Authors: Antonio Canale [aut, cre], Nicola Lunardon [ctb]
Maintainer: Antonio Canale <[email protected]>
License: GPL-2
Version: 2.2
Built: 2024-12-08 06:51:20 UTC
Source: CRAN

Help Index


Posterior probability mass function estimation with DP prior

Description

Performs Bayesian probability mass function estimation under DP prior with Poisson base measure.

Usage

dp.post.est(x, y, alpha, lambda)

Arguments

x

Values on which to compute the pmf.

y

Vector of observed data.

alpha

DP precision parameter

lambda

Mean parameter for the Poisson base measure.

Details

Performs probability mass function estimation under th following model

yiPP,i=1,,ny_i \mid P \sim P, i=1, \dots, n

PDP(α,P0),P \sim DP(\alpha, P_0),

where P0P_0 is Poisson with mean lambda.

Value

A vector of size length(x) containing the probability masses

Author(s)

Antonio Canale

References

Carota, C., and Parmigiani, G. (2002), “Semiparametric Regression for Count Data,” Biometrika, 89, 265–281.

Examples

data(ethylene)
y <- tapply(ethylene$impl,FUN=mean,INDEX=ethylene$id)
z <- tapply(ethylene$dose,FUN=mean,INDEX=ethylene$id)

# Estimate the pmf of the number of implants in the control group
y0  <- y[z==0]
pmf.control = dp.post.est(0:30, y0, alpha = 1)

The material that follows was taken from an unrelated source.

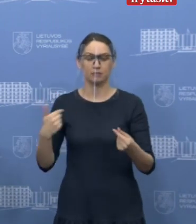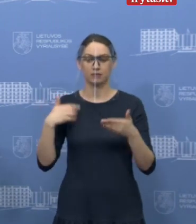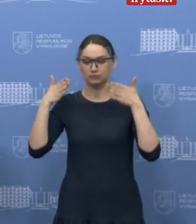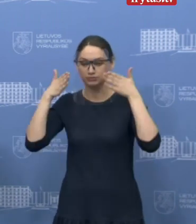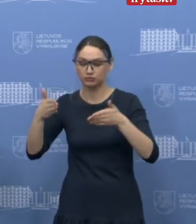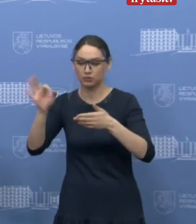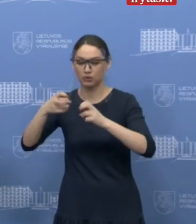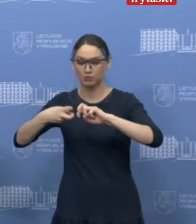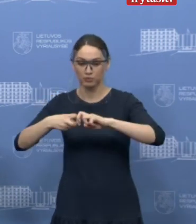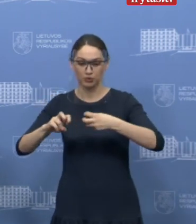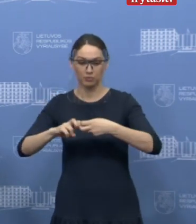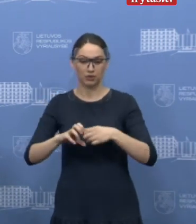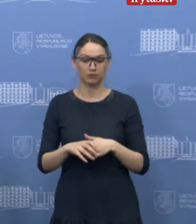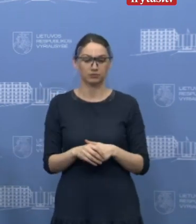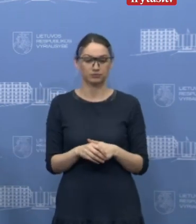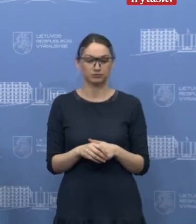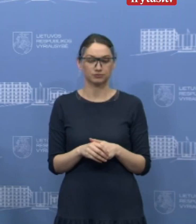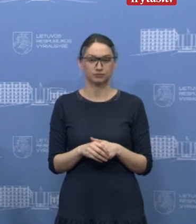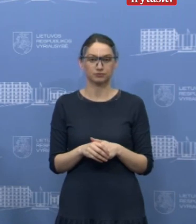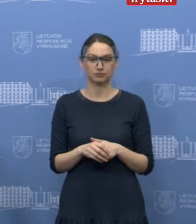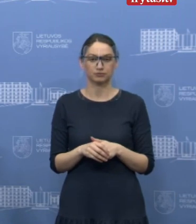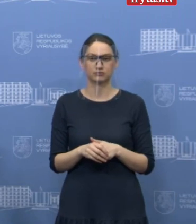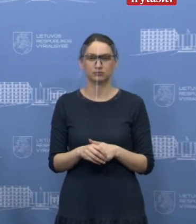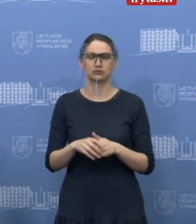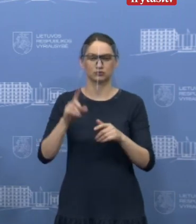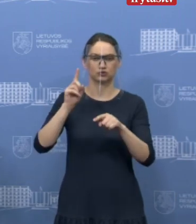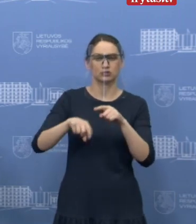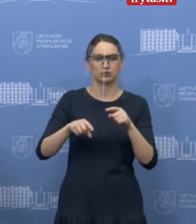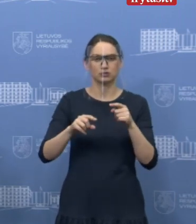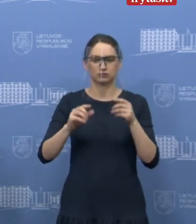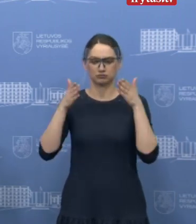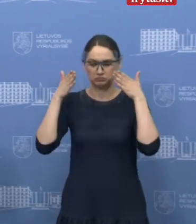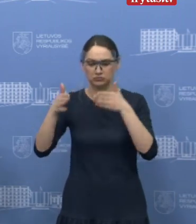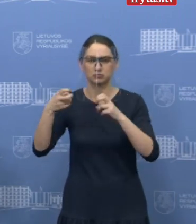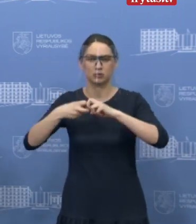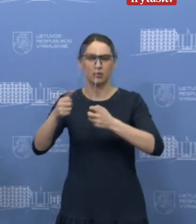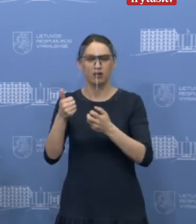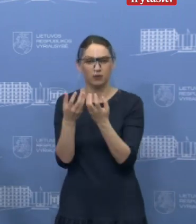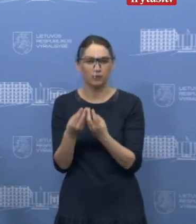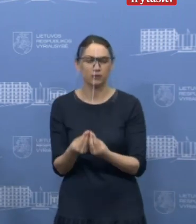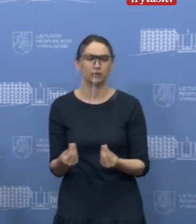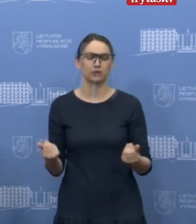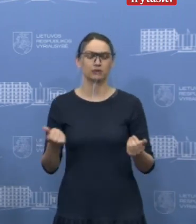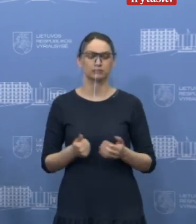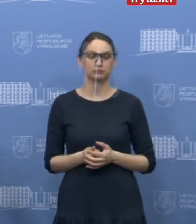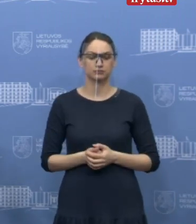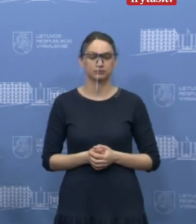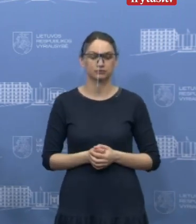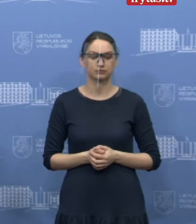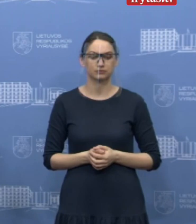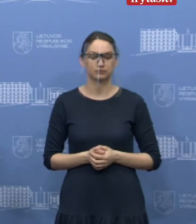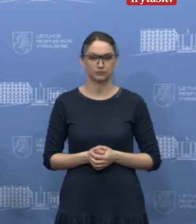problemą sužinome ir tada jau sprendžiame kompleksiniu būdu, kad būtų galima tokiu atveju išvengti.

Developmental toxicity study of ethylene glycol in mice

Description

Data from the developmental toxicity study of ethylene glycol in mice conducted by the National Toxicology Program. Pregnant mice were assigned to dose groups of 0, 750, 1,500 or 3,000 mg/kg per day, with the number of implants measured for each mouse at the end of the experiment. Group sizes are 25, 24, 23 and 23, respectively.

Usage

data(ethylene)

Format

A data frame with 1192 observations on the following 7 variables.

id

identifyer for pregnant mouse

dose

dose of ethylene glycol

weight

weight of the fetus

sex

sex of the fetus

impl

number of implants in the pregnant mouce

litsz

size of the relative litter

malf

presence of malformation in the fetus

References

Price, C. J., Kimmel, C. A., Tyl, R. W., and Marr, M. C. (1985) "The developemental toxicity of ethylene glycol in rats and mice" Toxicological and Applied Pharmacology 81, 113-127.

Examples

data(ethylene)
implants <- tapply(ethylene$impl, FUN=mean, INDEX=ethylene$id)

summary(implants)
m <- mean(implants)
v <- var(implants)
hist(implants, main=paste("Histogram of the number of implants (Mean = ",
round(m,2), ", Var = ", round(v,2),")"))

DP mixtures of Poissons

Description

Performs probability mass function estimation under nonparametric mixture of Poisson kernels.

Usage

npmp(y, k, nrep, nb, alpha=1, theta=alpha, sigma=0, 
mixing_hyperprior= FALSE, basemeasure_hyperprior = FALSE, mixing_type="DP", 
algo="slice",  prior="gamma", a, b, a_a=1, b_a=1, lb=NULL, ub=NULL, 
print = 1, ndisplay = nrep/4, plot.it = FALSE, pdfwrite = FALSE, ... )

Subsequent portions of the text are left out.